Struggling Serbian tennis star Jelena Dokic has announced plans to rebuild her career with the help of her father.
Dokic, who reached world number four in August 2002, has slumped to 105th following a series of injuries and a bitter split with her coach dad Damir.
But the Vecernje Novosti daily reported on Tuesday the pair have reunited.
"I'm starting from zero.
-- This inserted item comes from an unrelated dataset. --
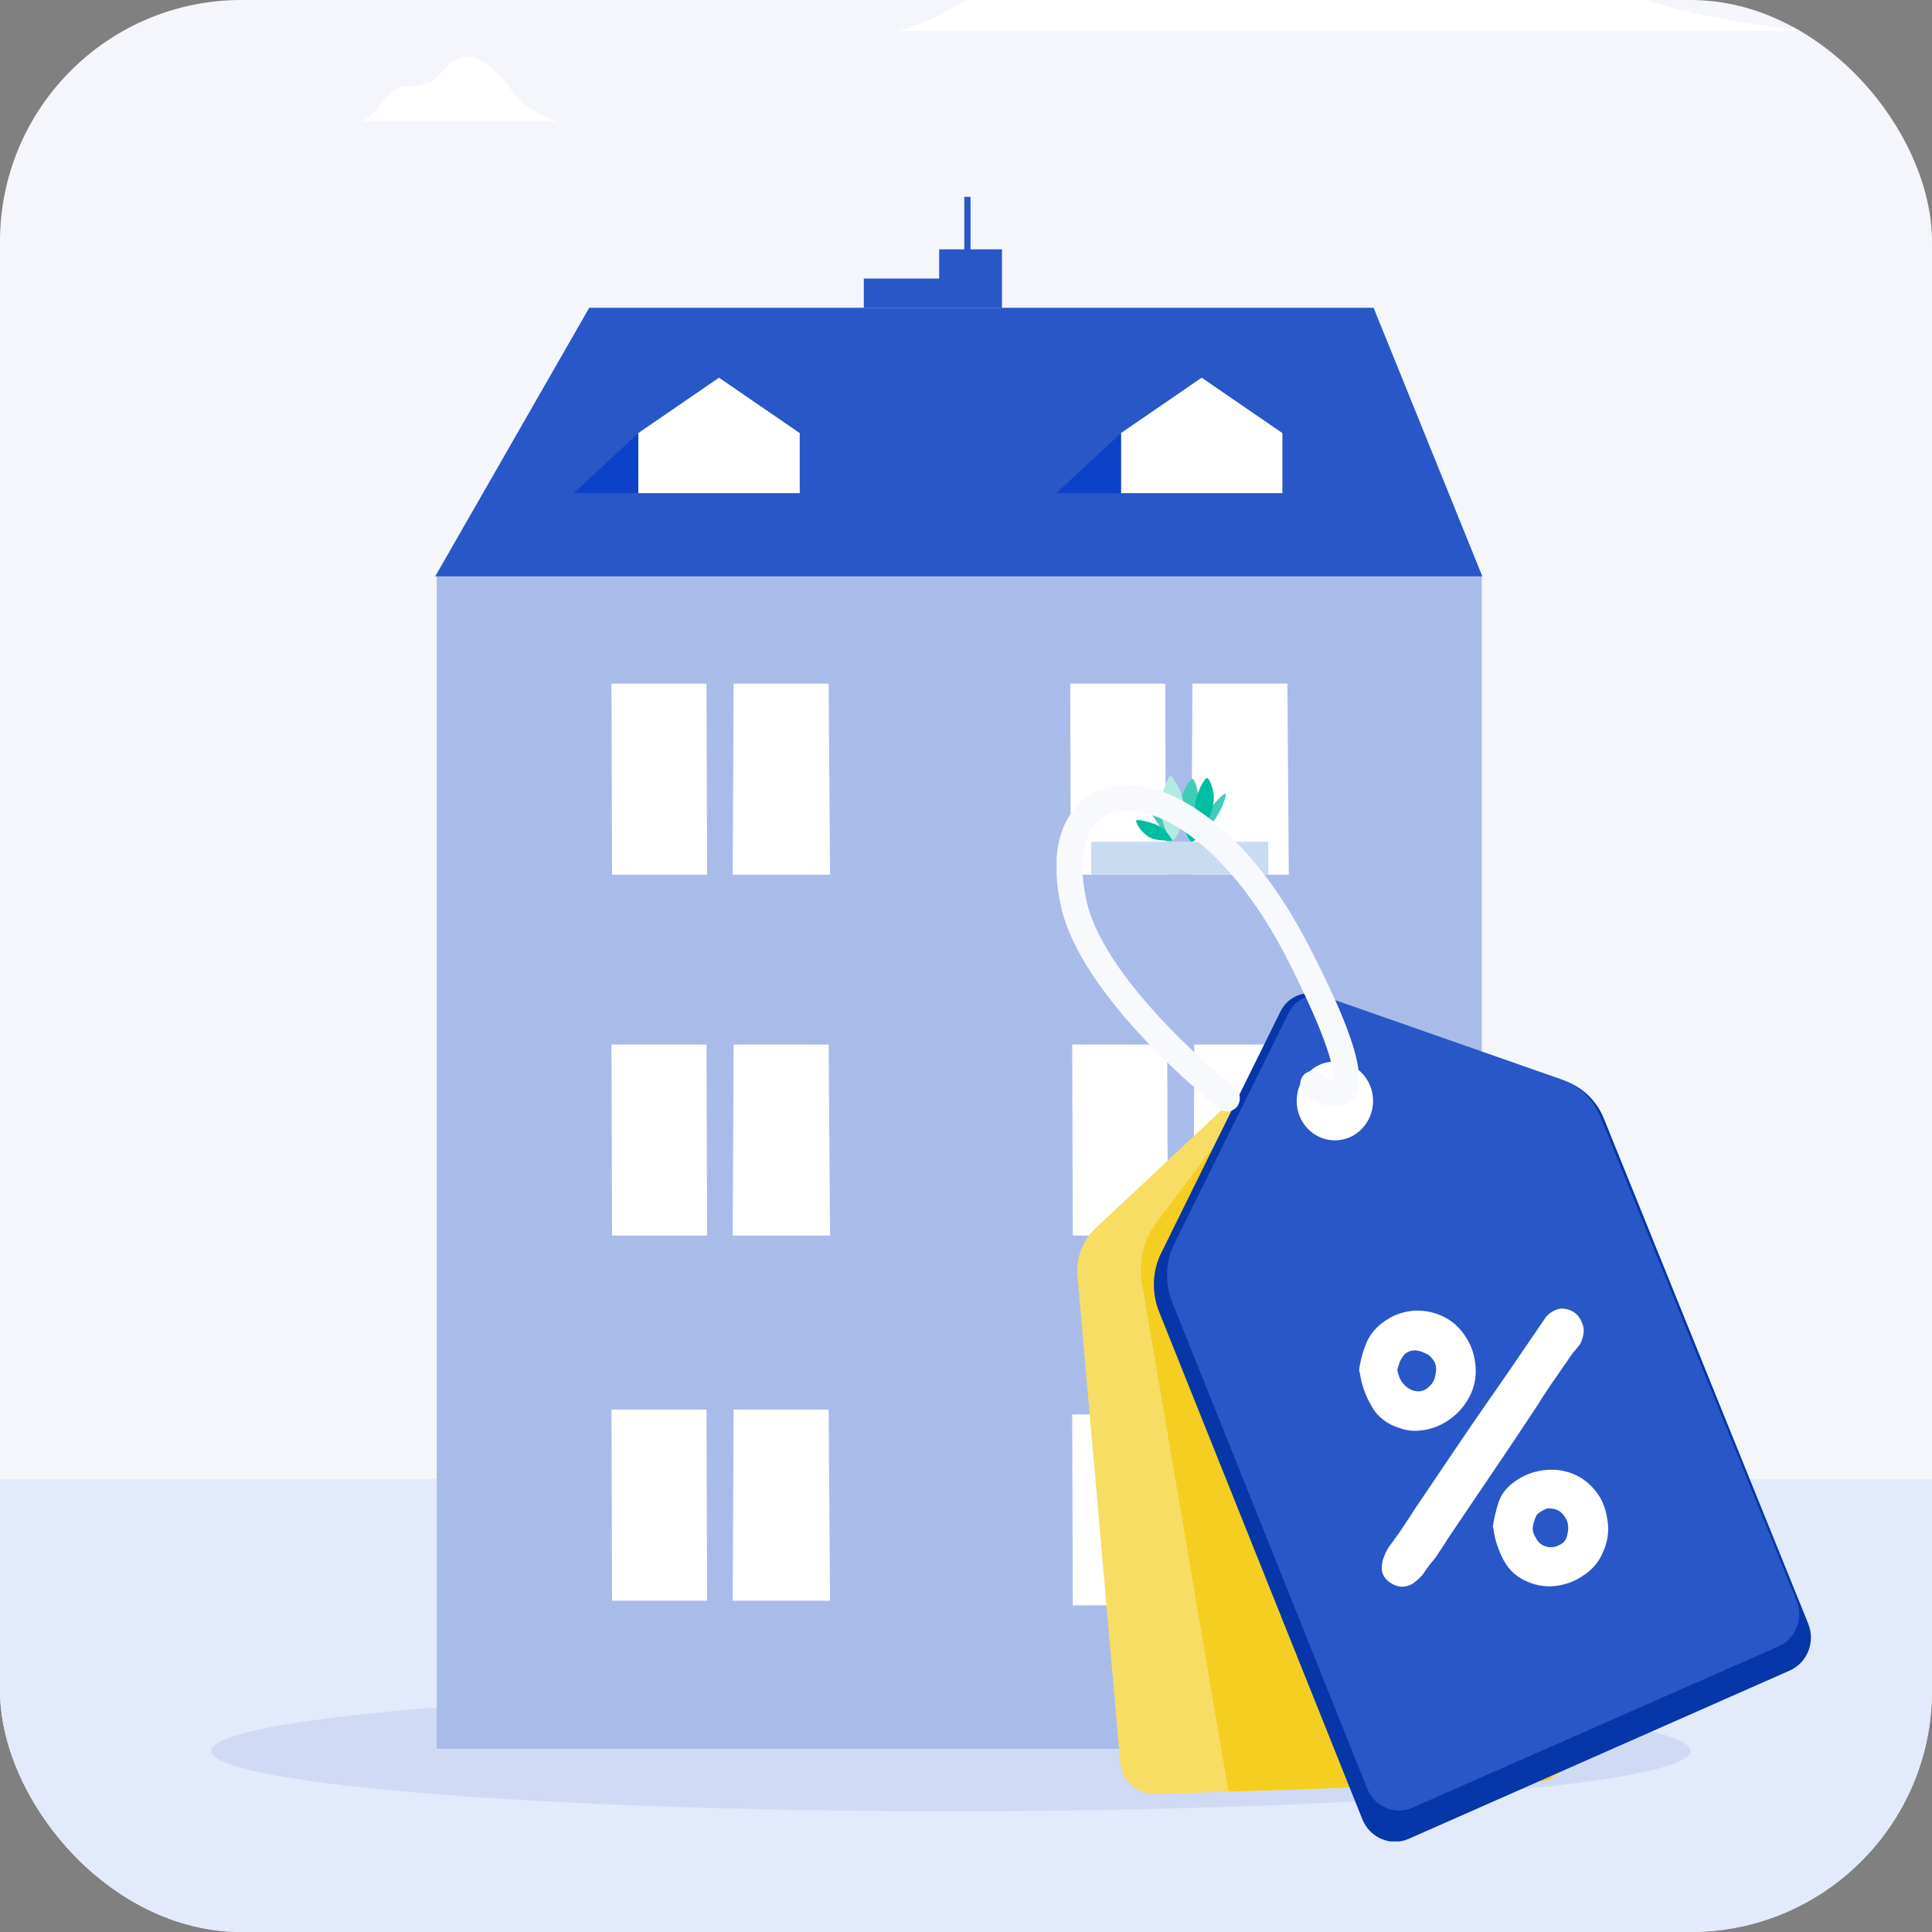 <?xml version="1.0" encoding="UTF-8"?> <svg xmlns="http://www.w3.org/2000/svg" width="64" height="64" viewBox="0 0 64 64" fill="none"><rect x="0" y="0" width="64" height="64" fill="#808080" stroke="none"/><g clip-path="url(#clip0_18860_10856)"><rect width="64" height="64" rx="8" fill="#F4F6FC"></rect><rect y="49" width="64" height="15" fill="#E3EAFC"></rect><ellipse cx="31.5" cy="58" rx="24.5" ry="2" fill="#D0DAF4"></ellipse><path d="M14.468 19.091H49.085V57.932L14.468 57.932V19.091Z" fill="#A9BCE9"></path><path d="M32.151 6.521H31.943V8.261H31.111V9.228H28.615V10.195H33.191V8.261H32.151V6.521Z" fill="#2957C8"></path><path d="M45.502 10.195L19.519 10.195L14.418 19.092H49.105L45.502 10.195Z" fill="#2957C8"></path><path d="M35.518 34.602H38.665L38.685 40.93L35.538 40.93L35.518 34.602Z" fill="white"></path><path d="M39.533 40.93L39.564 34.602H42.712L42.758 40.93H39.533Z" fill="white"></path><path d="M35.518 46.854H38.665L38.685 53.182L35.538 53.182L35.518 46.854Z" fill="white"></path><path d="M39.533 53.182L39.564 46.854H42.712L42.758 53.182H39.533Z" fill="white"></path><path d="M35.453 22.646H38.6L38.621 28.975L35.473 28.975L35.453 22.646Z" fill="white"></path><path d="M39.469 28.975L39.5 22.646H42.647L42.693 28.975H39.469Z" fill="white"></path><path d="M20.256 34.602H23.404L23.424 40.93L20.276 40.93L20.256 34.602Z" fill="white"></path><path d="M24.272 40.93L24.303 34.602H27.45L27.496 40.93H24.272Z" fill="white"></path><path d="M20.256 46.696H23.404L23.424 53.024L20.276 53.024L20.256 46.696Z" fill="white"></path><path d="M24.272 53.024L24.303 46.696H27.45L27.496 53.024H24.272Z" fill="white"></path><path d="M20.256 22.647H23.404L23.424 28.975L20.276 28.975L20.256 22.647Z" fill="white"></path><path d="M24.272 28.975L24.303 22.647H27.45L27.496 28.975H24.272Z" fill="white"></path><path d="M21.144 14.347L23.818 12.511L26.492 14.347V16.337H21.144V14.347Z" fill="white"></path><path d="M21.144 16.337H19.004L21.144 14.348V16.337Z" fill="#0B42C8"></path><path d="M39.509 25.806C39.424 25.758 39.075 26.384 39.04 26.787C39.001 27.244 39.415 27.867 39.467 27.882C39.47 27.883 39.474 27.883 39.478 27.882C39.478 27.882 39.478 27.882 39.478 27.882C39.644 27.893 40.18 27.291 40.375 26.939C40.527 26.663 40.651 26.29 40.589 26.287C40.522 26.284 40.173 26.657 39.98 26.919C39.888 27.044 39.786 27.204 39.699 27.357C39.752 27.123 39.782 26.848 39.745 26.615C39.697 26.306 39.623 25.871 39.509 25.806Z" fill="#40CDB8"></path><path d="M38.118 26.902C37.961 26.628 37.829 26.256 37.892 26.252C37.958 26.249 38.315 26.619 38.513 26.879C38.776 27.223 38.953 27.809 38.876 27.815C38.71 27.827 38.32 27.252 38.118 26.902Z" fill="#40CDB8"></path><path d="M38.444 26.615C38.469 26.251 38.728 25.7 38.767 25.709C38.885 25.734 39.154 26.238 39.208 26.606C39.281 27.099 38.987 27.83 38.836 27.848C38.725 27.862 38.41 27.107 38.444 26.615Z" fill="#B3EBE3"></path><path d="M39.988 25.773C39.9 25.758 39.661 26.236 39.604 26.544C39.575 26.701 39.592 26.993 39.592 26.993C39.592 26.993 39.552 26.866 39.488 26.799C39.476 26.786 39.467 26.773 39.458 26.76C39.432 26.724 39.409 26.692 39.348 26.691C39.319 26.69 39.302 26.753 39.285 26.818C39.28 26.839 39.275 26.86 39.269 26.879C39.199 27.105 39.212 27.602 39.455 27.876C39.535 27.966 40.154 27.267 40.209 26.472C40.228 26.193 40.073 25.788 39.988 25.773Z" fill="#00BDA1"></path><path d="M37.645 27.17C37.697 27.136 38.183 27.236 38.434 27.385C38.666 27.523 38.843 27.848 38.843 27.848C38.843 27.848 38.394 27.864 38.157 27.773C37.811 27.64 37.59 27.206 37.645 27.17Z" fill="#00BDA1"></path><rect x="36.147" y="27.883" width="5.866" height="1.091" fill="#C9DBF0"></rect><path d="M39.807 12.511L37.133 14.347V16.337H42.481V14.347L39.807 12.511Z" fill="white"></path><path d="M34.992 16.336H37.132V14.347L34.992 16.336Z" fill="#0B42C8"></path><path d="M13.15 2.946C12.784 3.137 12.377 3.871 12.005 4.011H15.228H18.437C17.981 3.842 17.599 3.684 17.157 3.249C16.888 2.984 16.801 2.714 16.47 2.427C16.089 2.096 15.7 1.759 15.253 1.908C14.894 2.028 14.744 2.341 14.39 2.643C14.245 2.767 14.103 2.772 13.947 2.816C13.62 2.91 13.502 2.763 13.15 2.946Z" fill="white"></path><path d="M34.115 -0.964C32.696 -0.609 31.164 0.756 29.722 1.017H41.568H59.996C54.59 0.548 52.497 -0.805 50.782 -1.615C49.74 -2.108 47.92 -0.671 46.638 -1.205C45.16 -1.821 44.001 -3.172 42.267 -2.895C40.873 -2.671 40.293 -2.09 38.92 -1.528C38.36 -1.298 37.566 -1.04 36.962 -0.957C35.695 -0.783 35.479 -1.305 34.115 -0.964Z" fill="white"></path><g clip-path="url(#clip1_18860_10856)"><path d="M51.392 58.91C51.266 58.976 51.139 58.998 50.992 58.998L46.329 59.15L42.279 59.302L40.696 59.346L38.291 59.433C37.679 59.455 37.152 58.976 37.11 58.388L35.696 42.281C35.633 41.672 35.865 41.084 36.308 40.67L39.979 37.231L41.983 35.359C42.321 35.033 42.869 35.033 43.27 35.338L43.65 35.642L44.895 36.622L49.705 40.409C50.148 40.758 50.443 41.28 50.485 41.846V41.911L51.287 50.748L51.899 57.387L51.941 57.909C52.004 58.345 51.772 58.736 51.392 58.91Z" fill="#F8DD64"></path><path d="M51.392 58.91C51.266 58.976 51.139 58.997 50.991 58.997L46.329 59.15L42.278 59.302L40.696 59.346L37.827 42.499C37.7 41.78 37.89 41.062 38.312 40.496L40.506 37.58L42.785 35.795C43.038 35.599 43.354 35.555 43.65 35.621C43.839 35.664 44.008 35.751 44.156 35.904L44.915 36.622L50.506 41.889L50.527 41.911C50.97 42.325 51.245 42.912 51.245 43.5L51.308 50.726L51.392 58.91Z" fill="#F5CE22"></path><path d="M42.426 33.488L38.481 41.476C38.165 42.085 38.144 42.825 38.397 43.457L45.127 60.26C45.38 60.891 46.076 61.174 46.667 60.913L59.283 55.341C59.874 55.08 60.148 54.383 59.895 53.774L53.123 37.036C52.891 36.47 52.426 36.013 51.857 35.817L43.713 32.965C43.207 32.791 42.68 33.009 42.426 33.488Z" fill="#0736A8"></path><path d="M42.701 33.531L38.903 41.193C38.608 41.781 38.587 42.477 38.819 43.108L45.295 59.259C45.528 59.846 46.203 60.129 46.772 59.89L58.924 54.535C59.494 54.274 59.747 53.621 59.515 53.034L52.996 36.948C52.764 36.404 52.321 35.969 51.772 35.773L43.945 33.031C43.46 32.856 42.933 33.074 42.701 33.531Z" fill="#2957C8"></path><path d="M44.219 37.776C44.919 37.776 45.485 37.191 45.485 36.469C45.485 35.748 44.919 35.164 44.219 35.164C43.52 35.164 42.954 35.748 42.954 36.469C42.954 37.191 43.52 37.776 44.219 37.776Z" fill="white"></path><path d="M40.654 36.818C40.57 36.818 40.464 36.796 40.401 36.731C40.211 36.578 35.823 33.096 35.148 30.027C34.515 27.154 35.992 26.326 36.456 26.152C38.207 25.477 41.118 27.023 43.312 31.245C45.338 35.142 45.19 36.056 44.747 36.469C44.22 36.948 43.397 36.382 43.249 36.273C43.059 36.143 43.017 35.86 43.144 35.664C43.27 35.468 43.544 35.425 43.734 35.555C43.882 35.664 44.072 35.751 44.177 35.773C44.199 35.533 44.114 34.641 42.574 31.637C40.633 27.915 38.144 26.435 36.772 26.958C35.95 27.262 35.654 28.351 35.992 29.831C36.583 32.595 40.865 36.012 40.907 36.034C41.097 36.186 41.118 36.448 40.992 36.644C40.907 36.752 40.781 36.818 40.654 36.818Z" fill="#F8F9FC"></path><path d="M45.021 45.394C45.063 45.067 45.148 44.763 45.274 44.458C45.401 44.175 45.612 43.935 45.907 43.739C46.224 43.522 46.561 43.435 46.899 43.413C47.236 43.413 47.553 43.478 47.848 43.631C48.143 43.783 48.375 44.001 48.565 44.305C48.755 44.588 48.861 44.937 48.882 45.307C48.903 45.633 48.84 45.938 48.692 46.243C48.544 46.526 48.354 46.765 48.101 46.961C47.848 47.157 47.574 47.287 47.278 47.353C46.962 47.418 46.667 47.418 46.371 47.309C45.949 47.178 45.633 46.939 45.443 46.591C45.232 46.243 45.105 45.873 45.042 45.459L45.021 45.394ZM51.224 43.609C51.371 43.456 51.54 43.369 51.709 43.348C51.877 43.348 52.025 43.391 52.152 43.478C52.278 43.565 52.363 43.696 52.426 43.87C52.489 44.044 52.468 44.218 52.384 44.436C52.363 44.501 52.321 44.567 52.257 44.632C52.215 44.697 52.173 44.741 52.11 44.806C51.983 44.98 51.877 45.154 51.793 45.263C51.709 45.394 51.624 45.502 51.54 45.633C51.456 45.742 51.371 45.873 51.287 46.003C51.202 46.134 51.076 46.308 50.949 46.526C50.464 47.266 49.979 47.984 49.494 48.702C49.008 49.42 48.523 50.139 48.038 50.857C47.932 51.009 47.848 51.162 47.742 51.314C47.637 51.466 47.553 51.619 47.426 51.749C47.342 51.858 47.257 51.967 47.173 52.098C47.089 52.228 46.983 52.315 46.877 52.402C46.772 52.489 46.667 52.533 46.54 52.555C46.413 52.577 46.287 52.555 46.118 52.468C45.928 52.359 45.823 52.228 45.781 52.054C45.759 51.902 45.781 51.728 45.844 51.575C45.907 51.401 45.992 51.249 46.118 51.096C46.224 50.944 46.329 50.813 46.413 50.683C46.519 50.531 46.624 50.356 46.73 50.204C46.835 50.03 46.941 49.877 47.046 49.725C47.742 48.702 48.418 47.679 49.114 46.678C49.831 45.655 50.527 44.632 51.224 43.609ZM46.645 44.784C46.54 44.828 46.477 44.915 46.413 45.024C46.35 45.133 46.329 45.241 46.287 45.372C46.329 45.611 46.413 45.785 46.561 45.916C46.688 46.025 46.835 46.09 46.983 46.09C47.131 46.09 47.257 46.025 47.384 45.894C47.51 45.764 47.553 45.611 47.574 45.372C47.574 45.263 47.553 45.154 47.489 45.067C47.426 44.98 47.363 44.893 47.257 44.849C47.173 44.806 47.067 44.763 46.962 44.741C46.835 44.719 46.73 44.741 46.645 44.784ZM49.451 50.574C49.494 50.291 49.557 50.03 49.641 49.769C49.726 49.508 49.894 49.29 50.127 49.116C50.443 48.876 50.781 48.746 51.139 48.702C51.498 48.659 51.814 48.702 52.131 48.833C52.447 48.963 52.7 49.181 52.911 49.464C53.122 49.747 53.228 50.095 53.27 50.531C53.291 50.901 53.207 51.205 53.059 51.51C52.911 51.815 52.7 52.032 52.426 52.206C52.173 52.381 51.877 52.489 51.561 52.533C51.245 52.577 50.928 52.533 50.612 52.402C50.253 52.25 50 52.032 49.81 51.684C49.641 51.358 49.515 51.009 49.472 50.639L49.451 50.574ZM50.907 50.182C50.844 50.313 50.802 50.422 50.781 50.552C50.759 50.683 50.781 50.792 50.865 50.922C50.928 51.053 50.992 51.118 51.097 51.184C51.202 51.227 51.308 51.27 51.413 51.249C51.519 51.249 51.624 51.205 51.73 51.14C51.835 51.075 51.899 50.966 51.92 50.835C51.962 50.661 51.962 50.509 51.899 50.356C51.835 50.226 51.751 50.117 51.645 50.052C51.54 49.986 51.413 49.965 51.266 49.965C51.139 50.008 51.013 50.073 50.907 50.182Z" fill="white"></path></g></g><defs><clipPath id="clip0_18860_10856"><rect width="64" height="64" rx="8" fill="white"></rect></clipPath><clipPath id="clip1_18860_10856"><rect width="25" height="35" fill="white" transform="translate(35 26)"></rect></clipPath></defs></svg>

I still have two-three months until the first tournaments (of 2005) and I'll try hard to recover my old form," Dokic said.
Dokic started her professional career as a 14-year-old
representing Australia, where her family emigrated in 1994.
But she continues to hold dual citizenship and currently lives in Belgrade.
At Wimbledon in 1999, as a qualifier ranked 129th, she scored
the Open era's biggest upset when she defeated then world number one
Martina Hingis in the first round on her way to the quarter-finals.
A year later she became the first woman representing Australia
to reach the semi-finals of Wimbledon since Evonne Goolagong Cawley
in 1980.
But her career has been plagued by distractions provided by her
father, a former boxer who has repeatedly clashed with journalists
and tennis officials around the world.
In 2000 he was barred from Wimbledon after breaking a reporter's
mobile phone, and later that year was banned for six months from WTA
events for abusive behaviour at the US Open.